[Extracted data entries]
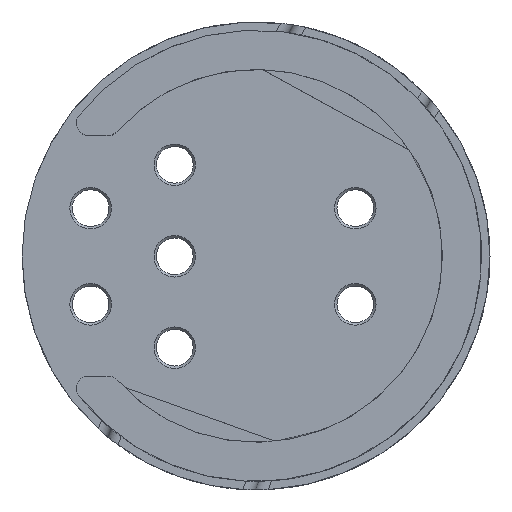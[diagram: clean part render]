
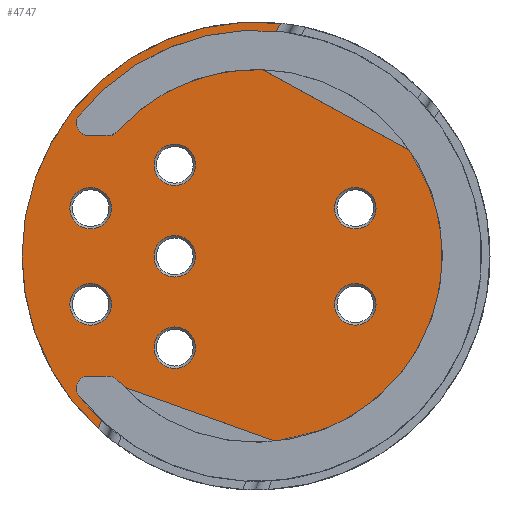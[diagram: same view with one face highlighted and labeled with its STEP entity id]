
A CAD part, top view. The second image highlights one B-rep face of the part: STEP entity #4747.
In plain terms, the highlighted planar face has unit normal (0, 0, 1).
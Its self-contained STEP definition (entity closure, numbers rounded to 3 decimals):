
#369=FACE_BOUND('',#667,.T.);
#370=FACE_BOUND('',#668,.T.);
#371=FACE_BOUND('',#669,.T.);
#372=FACE_BOUND('',#670,.T.);
#373=FACE_BOUND('',#671,.T.);
#374=FACE_BOUND('',#672,.T.);
#375=FACE_BOUND('',#673,.T.);
#396=FACE_OUTER_BOUND('',#666,.T.);
#666=EDGE_LOOP('',(#3153,#3154,#3155,#3156,#3157,#3158,#3159,#3160,#3161,
#3162,#3163,#3164,#3165,#3166,#3167,#3168,#3169,#3170));
#667=EDGE_LOOP('',(#3171));
#668=EDGE_LOOP('',(#3172));
#669=EDGE_LOOP('',(#3173));
#670=EDGE_LOOP('',(#3174));
#671=EDGE_LOOP('',(#3175));
#672=EDGE_LOOP('',(#3176));
#673=EDGE_LOOP('',(#3177));
#963=CIRCLE('',#5033,2.);
#964=CIRCLE('',#5034,0.2);
#965=CIRCLE('',#5035,36.9);
#966=CIRCLE('',#5036,38.9);
#967=CIRCLE('',#5037,38.9);
#968=CIRCLE('',#5038,36.5);
#969=CIRCLE('',#5039,2.);
#970=CIRCLE('',#5040,2.);
#971=CIRCLE('',#5041,31.);
#972=CIRCLE('',#5042,31.);
#973=CIRCLE('',#5043,31.);
#974=CIRCLE('',#5044,2.);
#975=CIRCLE('',#5045,3.45);
#976=CIRCLE('',#5046,3.45);
#977=CIRCLE('',#5047,3.45);
#978=CIRCLE('',#5048,3.45);
#979=CIRCLE('',#5049,3.45);
#980=CIRCLE('',#5050,3.45);
#981=CIRCLE('',#5051,3.45);
#1062=LINE('',#6331,#1500);
#1063=LINE('',#6339,#1501);
#1064=LINE('',#6345,#1502);
#1065=LINE('',#6351,#1503);
#1066=LINE('',#6357,#1504);
#1067=LINE('',#6361,#1505);
#1500=VECTOR('',#5322,10.);
#1501=VECTOR('',#5329,10.);
#1502=VECTOR('',#5334,10.);
#1503=VECTOR('',#5339,10.);
#1504=VECTOR('',#5344,10.);
#1505=VECTOR('',#5347,10.);
#1938=VERTEX_POINT('',#6329);
#1939=VERTEX_POINT('',#6330);
#1940=VERTEX_POINT('',#6332);
#1941=VERTEX_POINT('',#6334);
#1942=VERTEX_POINT('',#6336);
#1943=VERTEX_POINT('',#6338);
#1944=VERTEX_POINT('',#6340);
#1945=VERTEX_POINT('',#6342);
#1946=VERTEX_POINT('',#6344);
#1947=VERTEX_POINT('',#6346);
#1948=VERTEX_POINT('',#6348);
#1949=VERTEX_POINT('',#6350);
#1950=VERTEX_POINT('',#6352);
#1951=VERTEX_POINT('',#6354);
#1952=VERTEX_POINT('',#6356);
#1953=VERTEX_POINT('',#6358);
#1954=VERTEX_POINT('',#6360);
#1955=VERTEX_POINT('',#6362);
#1956=VERTEX_POINT('',#6365);
#1957=VERTEX_POINT('',#6367);
#1958=VERTEX_POINT('',#6369);
#1959=VERTEX_POINT('',#6371);
#1960=VERTEX_POINT('',#6373);
#1961=VERTEX_POINT('',#6375);
#1962=VERTEX_POINT('',#6377);
#2416=EDGE_CURVE('',#1938,#1939,#1062,.T.);
#2417=EDGE_CURVE('',#1939,#1940,#963,.T.);
#2418=EDGE_CURVE('',#1941,#1940,#964,.F.);
#2419=EDGE_CURVE('',#1941,#1942,#965,.T.);
#2420=EDGE_CURVE('',#1942,#1943,#1063,.T.);
#2421=EDGE_CURVE('',#1944,#1943,#966,.T.);
#2422=EDGE_CURVE('',#1945,#1944,#967,.T.);
#2423=EDGE_CURVE('',#1945,#1946,#1064,.T.);
#2424=EDGE_CURVE('',#1947,#1946,#968,.T.);
#2425=EDGE_CURVE('',#1948,#1947,#969,.F.);
#2426=EDGE_CURVE('',#1948,#1949,#1065,.T.);
#2427=EDGE_CURVE('',#1949,#1950,#970,.T.);
#2428=EDGE_CURVE('',#1950,#1951,#971,.T.);
#2429=EDGE_CURVE('',#1951,#1952,#1066,.T.);
#2430=EDGE_CURVE('',#1952,#1953,#972,.T.);
#2431=EDGE_CURVE('',#1953,#1954,#1067,.T.);
#2432=EDGE_CURVE('',#1954,#1955,#973,.T.);
#2433=EDGE_CURVE('',#1938,#1955,#974,.F.);
#2434=EDGE_CURVE('',#1956,#1956,#975,.T.);
#2435=EDGE_CURVE('',#1957,#1957,#976,.T.);
#2436=EDGE_CURVE('',#1958,#1958,#977,.T.);
#2437=EDGE_CURVE('',#1959,#1959,#978,.T.);
#2438=EDGE_CURVE('',#1960,#1960,#979,.T.);
#2439=EDGE_CURVE('',#1961,#1961,#980,.T.);
#2440=EDGE_CURVE('',#1962,#1962,#981,.T.);
#3153=ORIENTED_EDGE('',*,*,#2416,.T.);
#3154=ORIENTED_EDGE('',*,*,#2417,.T.);
#3155=ORIENTED_EDGE('',*,*,#2418,.F.);
#3156=ORIENTED_EDGE('',*,*,#2419,.T.);
#3157=ORIENTED_EDGE('',*,*,#2420,.T.);
#3158=ORIENTED_EDGE('',*,*,#2421,.F.);
#3159=ORIENTED_EDGE('',*,*,#2422,.F.);
#3160=ORIENTED_EDGE('',*,*,#2423,.T.);
#3161=ORIENTED_EDGE('',*,*,#2424,.F.);
#3162=ORIENTED_EDGE('',*,*,#2425,.F.);
#3163=ORIENTED_EDGE('',*,*,#2426,.T.);
#3164=ORIENTED_EDGE('',*,*,#2427,.T.);
#3165=ORIENTED_EDGE('',*,*,#2428,.T.);
#3166=ORIENTED_EDGE('',*,*,#2429,.T.);
#3167=ORIENTED_EDGE('',*,*,#2430,.T.);
#3168=ORIENTED_EDGE('',*,*,#2431,.T.);
#3169=ORIENTED_EDGE('',*,*,#2432,.T.);
#3170=ORIENTED_EDGE('',*,*,#2433,.F.);
#3171=ORIENTED_EDGE('',*,*,#2434,.F.);
#3172=ORIENTED_EDGE('',*,*,#2435,.F.);
#3173=ORIENTED_EDGE('',*,*,#2436,.F.);
#3174=ORIENTED_EDGE('',*,*,#2437,.F.);
#3175=ORIENTED_EDGE('',*,*,#2438,.F.);
#3176=ORIENTED_EDGE('',*,*,#2439,.F.);
#3177=ORIENTED_EDGE('',*,*,#2440,.F.);
#4627=PLANE('',#5032);
#4747=ADVANCED_FACE('',(#396,#369,#370,#371,#372,#373,#374,#375),#4627,
 .F.);
#5032=AXIS2_PLACEMENT_3D('',#6328,#5320,#5321);
#5033=AXIS2_PLACEMENT_3D('',#6333,#5323,#5324);
#5034=AXIS2_PLACEMENT_3D('',#6335,#5325,#5326);
#5035=AXIS2_PLACEMENT_3D('',#6337,#5327,#5328);
#5036=AXIS2_PLACEMENT_3D('',#6341,#5330,#5331);
#5037=AXIS2_PLACEMENT_3D('',#6343,#5332,#5333);
#5038=AXIS2_PLACEMENT_3D('',#6347,#5335,#5336);
#5039=AXIS2_PLACEMENT_3D('',#6349,#5337,#5338);
#5040=AXIS2_PLACEMENT_3D('',#6353,#5340,#5341);
#5041=AXIS2_PLACEMENT_3D('',#6355,#5342,#5343);
#5042=AXIS2_PLACEMENT_3D('',#6359,#5345,#5346);
#5043=AXIS2_PLACEMENT_3D('',#6363,#5348,#5349);
#5044=AXIS2_PLACEMENT_3D('',#6364,#5350,#5351);
#5045=AXIS2_PLACEMENT_3D('',#6366,#5352,#5353);
#5046=AXIS2_PLACEMENT_3D('',#6368,#5354,#5355);
#5047=AXIS2_PLACEMENT_3D('',#6370,#5356,#5357);
#5048=AXIS2_PLACEMENT_3D('',#6372,#5358,#5359);
#5049=AXIS2_PLACEMENT_3D('',#6374,#5360,#5361);
#5050=AXIS2_PLACEMENT_3D('',#6376,#5362,#5363);
#5051=AXIS2_PLACEMENT_3D('',#6378,#5364,#5365);
#5320=DIRECTION('center_axis',(0.,0.,-1.));
#5321=DIRECTION('ref_axis',(1.,0.,0.));
#5322=DIRECTION('',(-1.,0.,0.));
#5323=DIRECTION('center_axis',(0.,0.,-1.));
#5324=DIRECTION('ref_axis',(-0.9,-0.436,0.));
#5325=DIRECTION('center_axis',(0.,0.,-1.));
#5326=DIRECTION('ref_axis',(-0.976,0.218,0.));
#5327=DIRECTION('center_axis',(0.,0.,-1.));
#5328=DIRECTION('ref_axis',(1.,0.,0.));
#5329=DIRECTION('',(0.48,0.877,0.));
#5330=DIRECTION('center_axis',(0.,0.,-1.));
#5331=DIRECTION('ref_axis',(1.,0.,0.));
#5332=DIRECTION('center_axis',(0.,0.,-1.));
#5333=DIRECTION('ref_axis',(1.,0.,0.));
#5334=DIRECTION('',(0.337,0.942,0.));
#5335=DIRECTION('center_axis',(0.,0.,1.));
#5336=DIRECTION('ref_axis',(1.,0.,0.));
#5337=DIRECTION('center_axis',(0.,0.,-1.));
#5338=DIRECTION('ref_axis',(-0.9,0.436,0.));
#5339=DIRECTION('',(1.,0.,0.));
#5340=DIRECTION('center_axis',(0.,0.,-1.));
#5341=DIRECTION('ref_axis',(0.408,0.913,0.));
#5342=DIRECTION('center_axis',(0.,0.,1.));
#5343=DIRECTION('ref_axis',(1.,0.,0.));
#5344=DIRECTION('',(0.942,-0.337,0.));
#5345=DIRECTION('center_axis',(0.,0.,1.));
#5346=DIRECTION('ref_axis',(1.,0.,0.));
#5347=DIRECTION('',(-0.877,0.48,0.));
#5348=DIRECTION('center_axis',(0.,0.,1.));
#5349=DIRECTION('ref_axis',(1.,0.,0.));
#5350=DIRECTION('center_axis',(0.,0.,-1.));
#5351=DIRECTION('ref_axis',(0.408,-0.913,0.));
#5352=DIRECTION('center_axis',(0.,0.,1.));
#5353=DIRECTION('ref_axis',(-1.,0.,0.));
#5354=DIRECTION('center_axis',(0.,0.,1.));
#5355=DIRECTION('ref_axis',(-1.,0.,0.));
#5356=DIRECTION('center_axis',(0.,0.,1.));
#5357=DIRECTION('ref_axis',(-1.,0.,0.));
#5358=DIRECTION('center_axis',(0.,0.,1.));
#5359=DIRECTION('ref_axis',(-1.,0.,0.));
#5360=DIRECTION('center_axis',(0.,0.,1.));
#5361=DIRECTION('ref_axis',(-1.,0.,0.));
#5362=DIRECTION('center_axis',(0.,0.,1.));
#5363=DIRECTION('ref_axis',(-1.,0.,0.));
#5364=DIRECTION('center_axis',(0.,0.,1.));
#5365=DIRECTION('ref_axis',(-1.,0.,0.));
#6328=CARTESIAN_POINT('Origin',(0.,0.,-15.7));
#6329=CARTESIAN_POINT('',(-24.597,20.,-15.7));
#6330=CARTESIAN_POINT('',(-27.861,20.,-15.7));
#6331=CARTESIAN_POINT('',(-11.843,20.,-15.7));
#6332=CARTESIAN_POINT('',(-29.825,21.619,-15.7));
#6333=CARTESIAN_POINT('Origin',(-27.861,22.,-15.7));
#6334=CARTESIAN_POINT('',(-29.79,21.776,-15.7));
#6335=CARTESIAN_POINT('Origin',(-29.628,21.658,-15.7));
#6336=CARTESIAN_POINT('',(3.041,36.774,-15.7));
#6337=CARTESIAN_POINT('Origin',(0.,0.,-15.7));
#6338=CARTESIAN_POINT('',(4.087,38.685,-15.7));
#6339=CARTESIAN_POINT('',(-4.349,23.284,-15.7));
#6340=CARTESIAN_POINT('',(-38.9,0.,-15.7));
#6341=CARTESIAN_POINT('Origin',(0.,0.,-15.7));
#6342=CARTESIAN_POINT('',(-26.203,-28.751,-15.7));
#6343=CARTESIAN_POINT('Origin',(0.,0.,-15.7));
#6344=CARTESIAN_POINT('',(-25.323,-26.287,-15.7));
#6345=CARTESIAN_POINT('',(-20.043,-11.514,-15.7));
#6346=CARTESIAN_POINT('',(-29.701,-21.216,-15.7));
#6347=CARTESIAN_POINT('Origin',(0.,0.,-15.7));
#6348=CARTESIAN_POINT('',(-27.861,-20.,-15.7));
#6349=CARTESIAN_POINT('Origin',(-27.861,-22.,-15.7));
#6350=CARTESIAN_POINT('',(-24.597,-20.,-15.7));
#6351=CARTESIAN_POINT('',(-15.861,-20.,-15.7));
#6352=CARTESIAN_POINT('',(-23.106,-20.667,-15.7));
#6353=CARTESIAN_POINT('Origin',(-24.597,-22.,-15.7));
#6354=CARTESIAN_POINT('',(-22.07,-21.769,-15.7));
#6355=CARTESIAN_POINT('Origin',(0.,0.,-15.7));
#6356=CARTESIAN_POINT('',(3.276,-30.826,-15.7));
#6357=CARTESIAN_POINT('',(-4.689,-27.98,-15.7));
#6358=CARTESIAN_POINT('',(25.542,17.567,-15.7));
#6359=CARTESIAN_POINT('Origin',(0.,0.,-15.7));
#6360=CARTESIAN_POINT('',(1.052,30.982,-15.7));
#6361=CARTESIAN_POINT('',(17.682,21.872,-15.7));
#6362=CARTESIAN_POINT('',(-23.106,20.667,-15.7));
#6363=CARTESIAN_POINT('Origin',(0.,0.,-15.7));
#6364=CARTESIAN_POINT('Origin',(-24.597,22.,-15.7));
#6365=CARTESIAN_POINT('',(19.95,-8.045,-15.7));
#6366=CARTESIAN_POINT('Origin',(16.5,-8.045,-15.7));
#6367=CARTESIAN_POINT('',(19.95,7.955,-15.7));
#6368=CARTESIAN_POINT('Origin',(16.5,7.955,-15.7));
#6369=CARTESIAN_POINT('',(-24.05,-8.045,-15.7));
#6370=CARTESIAN_POINT('Origin',(-27.5,-8.045,-15.7));
#6371=CARTESIAN_POINT('',(-24.05,7.955,-15.7));
#6372=CARTESIAN_POINT('Origin',(-27.5,7.955,-15.7));
#6373=CARTESIAN_POINT('',(-10.05,-15.245,-15.7));
#6374=CARTESIAN_POINT('Origin',(-13.5,-15.245,-15.7));
#6375=CARTESIAN_POINT('',(-10.05,-0.045,-15.7));
#6376=CARTESIAN_POINT('Origin',(-13.5,-0.045,-15.7));
#6377=CARTESIAN_POINT('',(-10.05,15.155,-15.7));
#6378=CARTESIAN_POINT('Origin',(-13.5,15.155,-15.7));

* _TASK DETAILS_:
Using the data above, reproduce exactly the lines from the line that contains "#5040=AXIS2_PLACEMENT_3D('',#6353,#5340,#5341);" through the line that contains "#5346=DIRECTION('ref_axis',(1.,0.,0.));", including both.

* _EXERCISE RESPONSE_:
#5040=AXIS2_PLACEMENT_3D('',#6353,#5340,#5341);
#5041=AXIS2_PLACEMENT_3D('',#6355,#5342,#5343);
#5042=AXIS2_PLACEMENT_3D('',#6359,#5345,#5346);
#5043=AXIS2_PLACEMENT_3D('',#6363,#5348,#5349);
#5044=AXIS2_PLACEMENT_3D('',#6364,#5350,#5351);
#5045=AXIS2_PLACEMENT_3D('',#6366,#5352,#5353);
#5046=AXIS2_PLACEMENT_3D('',#6368,#5354,#5355);
#5047=AXIS2_PLACEMENT_3D('',#6370,#5356,#5357);
#5048=AXIS2_PLACEMENT_3D('',#6372,#5358,#5359);
#5049=AXIS2_PLACEMENT_3D('',#6374,#5360,#5361);
#5050=AXIS2_PLACEMENT_3D('',#6376,#5362,#5363);
#5051=AXIS2_PLACEMENT_3D('',#6378,#5364,#5365);
#5320=DIRECTION('center_axis',(0.,0.,-1.));
#5321=DIRECTION('ref_axis',(1.,0.,0.));
#5322=DIRECTION('',(-1.,0.,0.));
#5323=DIRECTION('center_axis',(0.,0.,-1.));
#5324=DIRECTION('ref_axis',(-0.9,-0.436,0.));
#5325=DIRECTION('center_axis',(0.,0.,-1.));
#5326=DIRECTION('ref_axis',(-0.976,0.218,0.));
#5327=DIRECTION('center_axis',(0.,0.,-1.));
#5328=DIRECTION('ref_axis',(1.,0.,0.));
#5329=DIRECTION('',(0.48,0.877,0.));
#5330=DIRECTION('center_axis',(0.,0.,-1.));
#5331=DIRECTION('ref_axis',(1.,0.,0.));
#5332=DIRECTION('center_axis',(0.,0.,-1.));
#5333=DIRECTION('ref_axis',(1.,0.,0.));
#5334=DIRECTION('',(0.337,0.942,0.));
#5335=DIRECTION('center_axis',(0.,0.,1.));
#5336=DIRECTION('ref_axis',(1.,0.,0.));
#5337=DIRECTION('center_axis',(0.,0.,-1.));
#5338=DIRECTION('ref_axis',(-0.9,0.436,0.));
#5339=DIRECTION('',(1.,0.,0.));
#5340=DIRECTION('center_axis',(0.,0.,-1.));
#5341=DIRECTION('ref_axis',(0.408,0.913,0.));
#5342=DIRECTION('center_axis',(0.,0.,1.));
#5343=DIRECTION('ref_axis',(1.,0.,0.));
#5344=DIRECTION('',(0.942,-0.337,0.));
#5345=DIRECTION('center_axis',(0.,0.,1.));
#5346=DIRECTION('ref_axis',(1.,0.,0.));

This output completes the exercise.